Le but de cet atelier de faire le point sur des travaux, plus ou moins récents, qui ont pour point commun de s’inscrire dans le champ disciplinaire de la théorie politique, mais qui visent à rompre avec une acception " désincarnée " de celle-ci, c’est-à-dire avec la vision classique de l’histoire des idées politiques qui envisageait le texte comme une entité autosuffisante, " dialoguant " avec d’autres entités du même statut discursif. Dans ce cadre, la question privilégiée est le lien entre l’étude des productions discursives de la théorie politique et le contexte des évolutions de la vie politique. Mais ce lien peut lui-même être envisagé de différentes manières : on retiendra ici deux grandes directions, qui correspondent à deux " sens " du lien entre théorie politique et contexte.

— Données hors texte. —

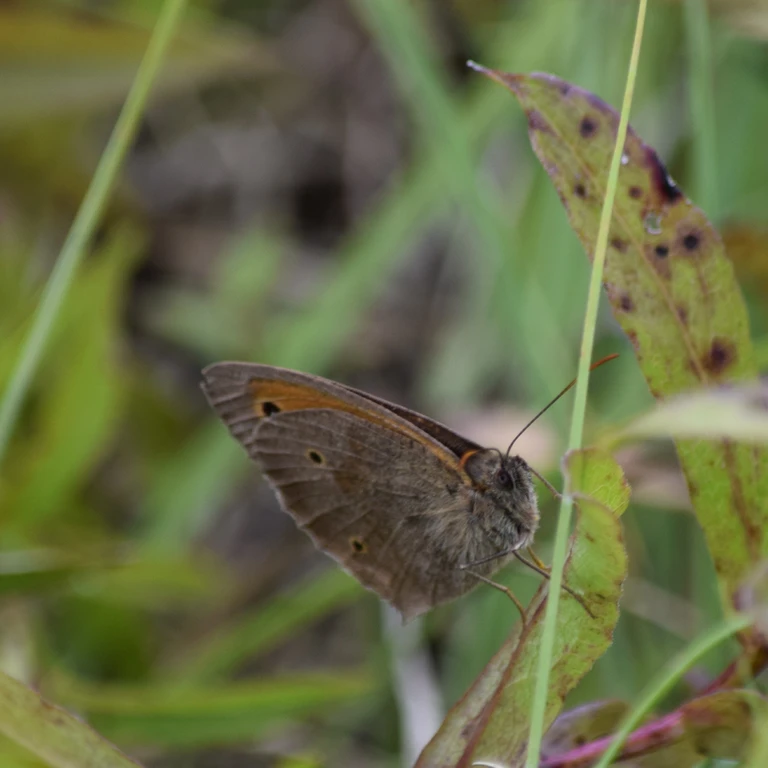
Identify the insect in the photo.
Maniola jurtina

Dans un premier sens, il s’agit d’une contextualisation accrue de l’étude des développements de la pensée politique et de la théorie politique. A ce titre, les travaux de l’" école de Cambridge " (Skinner, Pocock) apparaissent comme précurseurs. Ils prennent en effet en compte (d’une manière approfondie) le contexte d’énonciation des " grands textes " de la théorie politique, et tentent de reconstituer la pluralité des visées de ces textes. On peut aussi évoquer dans cette perspective les travaux de Michel Foucault, notamment ceux qui portent sur une analyse historique de la " gouvernementalité ". Mais ce type de démarche peut aussi être retrouvé dans des travaux qui s’intéressent à l’évolution contemporaine des controverses qui agitent la philosophie politique (les Etats-Unis fournissant ici un terrain exemplaire), et à leurs usages socio-politiques. Ici, en un sens, la prise en compte du contexte " éclaire " l’étude de la théorie politique.

Mais, dans un deuxième sens, la théorie politique peut à son tour " éclairer " le contexte. Dans cette perspective, les instruments conceptuels de la théorie politique sont utilisés pour l’analyse de situations d’interactions concrètes, afin de formaliser les répertoires de justification ou les visées normatives des acteurs. Les travaux de Boltanski et Thévenot ont, en ce sens, représenté une avancée (récemment étendue à une dimension comparative par Thévenot et Lamont), avec une ambition formalisatrice assez poussée. Le même type de projet peut être retrouvé dans d’autres travaux, pour lesquels l’usage des modèles proposés par la théorie politique permet d’analyser de manière plus claire et systématisée certains enjeux du débat public contemporain (ce qui peut d’ailleurs permettre en retour un retour critique sur les modèles de théorie politique).

Si elles dessinent des pistes différentes, ces directions de recherche ont ceci en commun qu’elles cherchent à contribuer à un désenclavement de la théorie politique par rapport aux autres sciences sociales : enjeu qui sera aussi un objet de discussion au sein de cet atelier.